We are moving.... (I know we just moved 3,000 miles from CA to VA and it sounds crazy but I will explain)

We moved here with every hope and expectation for it to work. We knew that we had to make it work. We did everything we could to make it work.... but sometimes that just isn't enough. I am not going into details... it isn't my place, and after writing this blog for a year I have learned that it isn't always my story to tell and sometimes ALL the details don't need to be shared. All I can say is I am happy, relieved and completely certain that THIS move that we are about to make is a much, much better plan and definitely what we need to be doing.

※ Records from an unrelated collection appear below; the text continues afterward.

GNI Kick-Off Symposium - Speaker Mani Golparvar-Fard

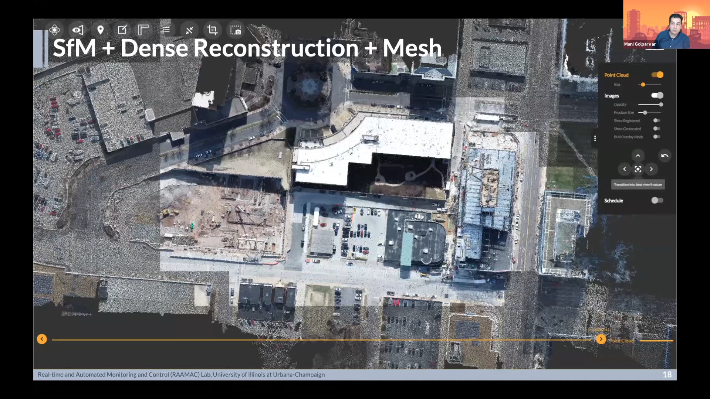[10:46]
Fast forward five years ago, when this platform was launched commercially that is now used in four different continents, this is that experience.
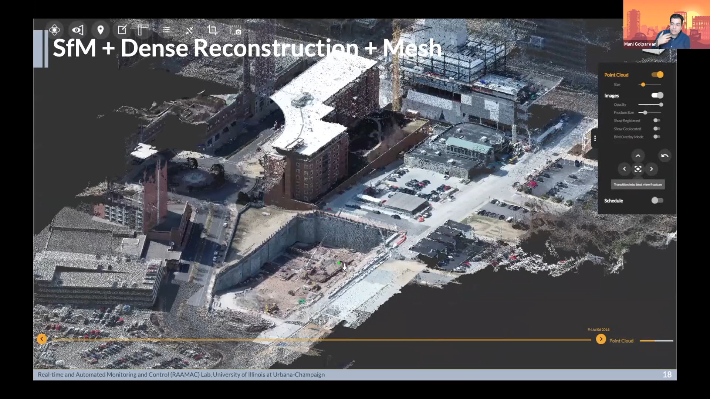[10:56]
Every time you're capturing on the job site, you can log into a system and you can kind of see what's going on on the site.
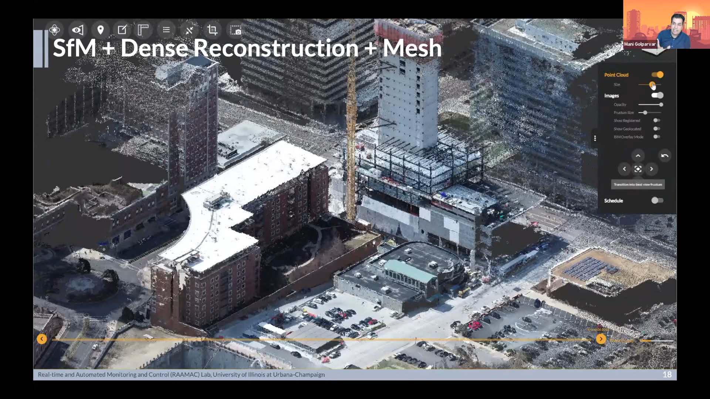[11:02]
Here in this case, you see $150 million project in St. Louis, you can kind of see a steel structure with concrete, you can see where the cameras have been captured from.
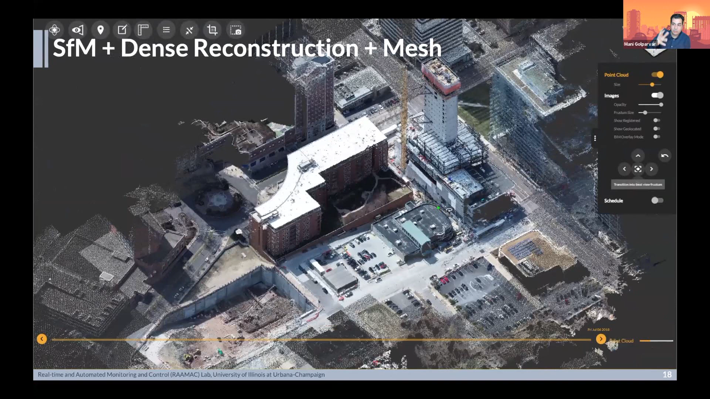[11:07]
And that will be that experience that they can bring to the job site from pictures.
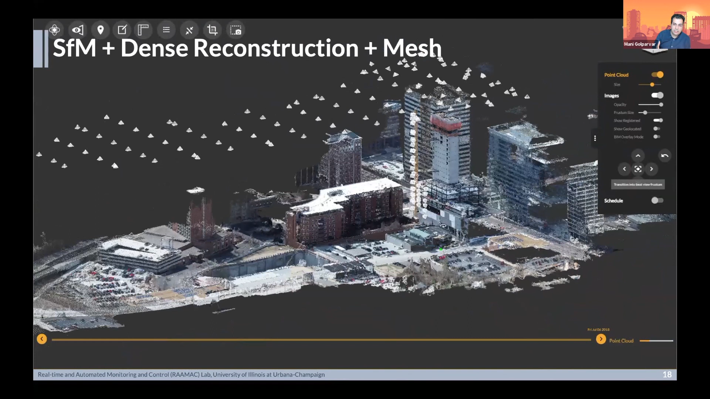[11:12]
So people can go in and click on any location that they desire. And they can immediately see what's happening there with having measurement capability.
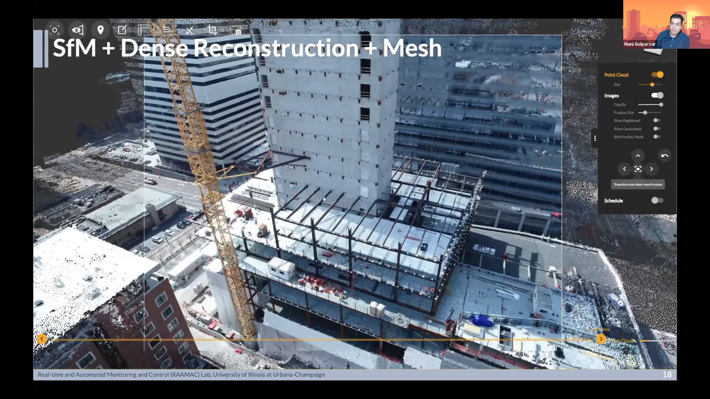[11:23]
Now, if you have that type of model, we can go in and map that against the plan. I already mentioned about some of the challenges. You know, we don't need to solve everything through automated techniques.
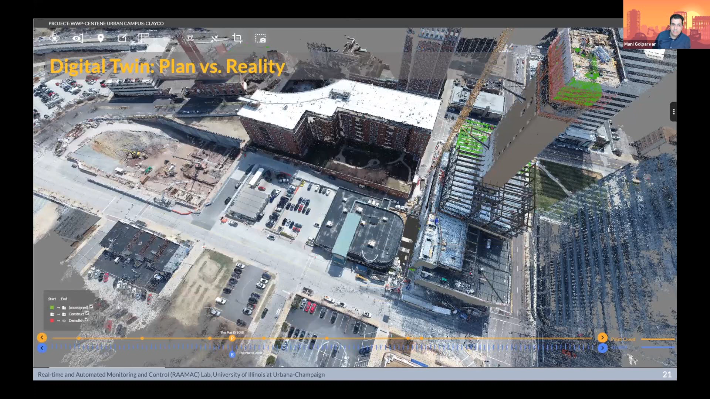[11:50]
But basically, if you can achieve that, that means your plan has mapped against that reality on the site, reality map as opposed to pure capture. And in that context, that means every day on the calendar, when you have a superintendent on a job site, they can log into a system and they can see who does what work in which location.
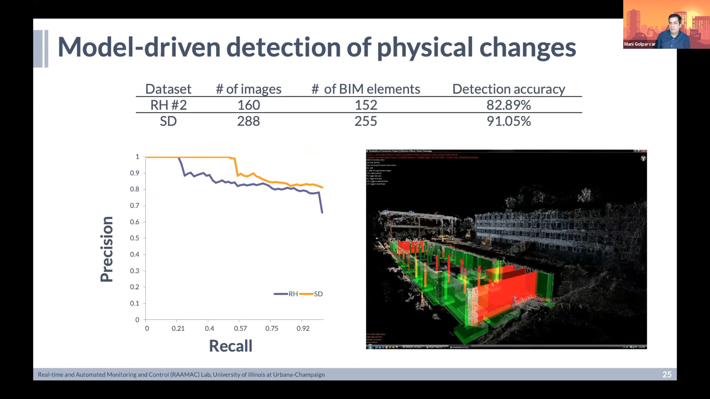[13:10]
So it was publishable, but let me show you some of the challenges that we have back then that really brings us back to some of the foundational issues that we have that still needs to be addressed before we can solve those practical problems that I started my presentation with. Detecting physical evidence. Algorithms like this are going to fail and not being able to differentiate between form work and concrete.
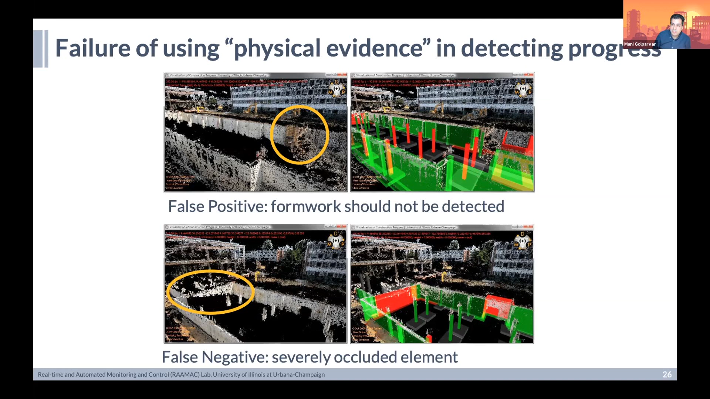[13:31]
And when we don't have visibility, there's no way we can reason about it. So I went back to the drawing board and many years ago, I had the opportunity of learning some of these techniques from Yannis Brilakis.
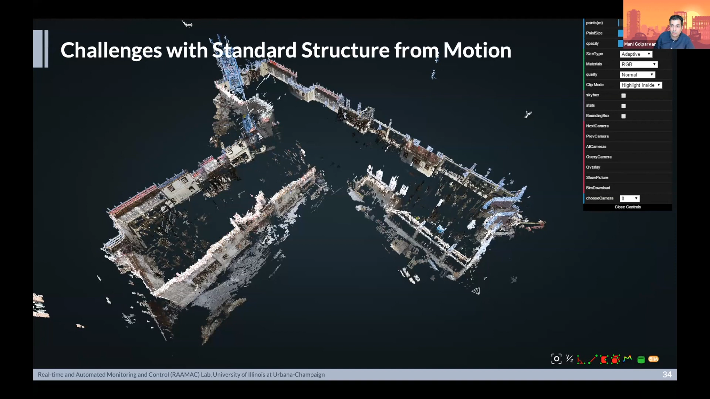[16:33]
there are some really foundational problems that would surface that deserves attention. One is, there's no guarantee on completeness of the scene if you haven't really planned for the capture, which is
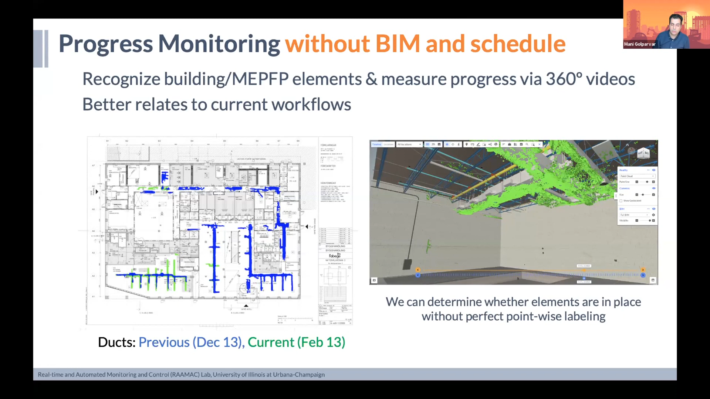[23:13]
then you got to go back to the basic drawing boards and looking to how you can contribute back into 2D and very simple 3D models. So there's a ton of stuff that's coming out here that can better relate to workflows by automatically detecting changes without any BIM, without any schedule. So you can improve the basis of that. The other aspect that I thought I should touch on is the fact that when you start thinking about these as a system, as opposed to an algorithm or model,

We found out for sure the move was going to happen on Thursday so we decided on Friday we would take a road trip to South Carolina so that we could see this new area we were going to call home and get an idea of what kind of neighborhood we wanted to be in and check out the area in general. It was a long trip so we made a stop in Mooresville NC to visit Chris's family. He has two Uncles, a cousin (and her big family of 5 kids, herself and her husband) that live there. I have been married for 17 years and I had never met his two cousins in person. It was great. It was all we could have ever hoped for. The kids all hit it off. We were so happy to see them all together finally after all these years. They have all been on facebook together and they have had some communication but this was the first face to face meeting. Boy do my kids love family. They are always so happy to meet any new relatives and when those relatives are close to their age... well then even better!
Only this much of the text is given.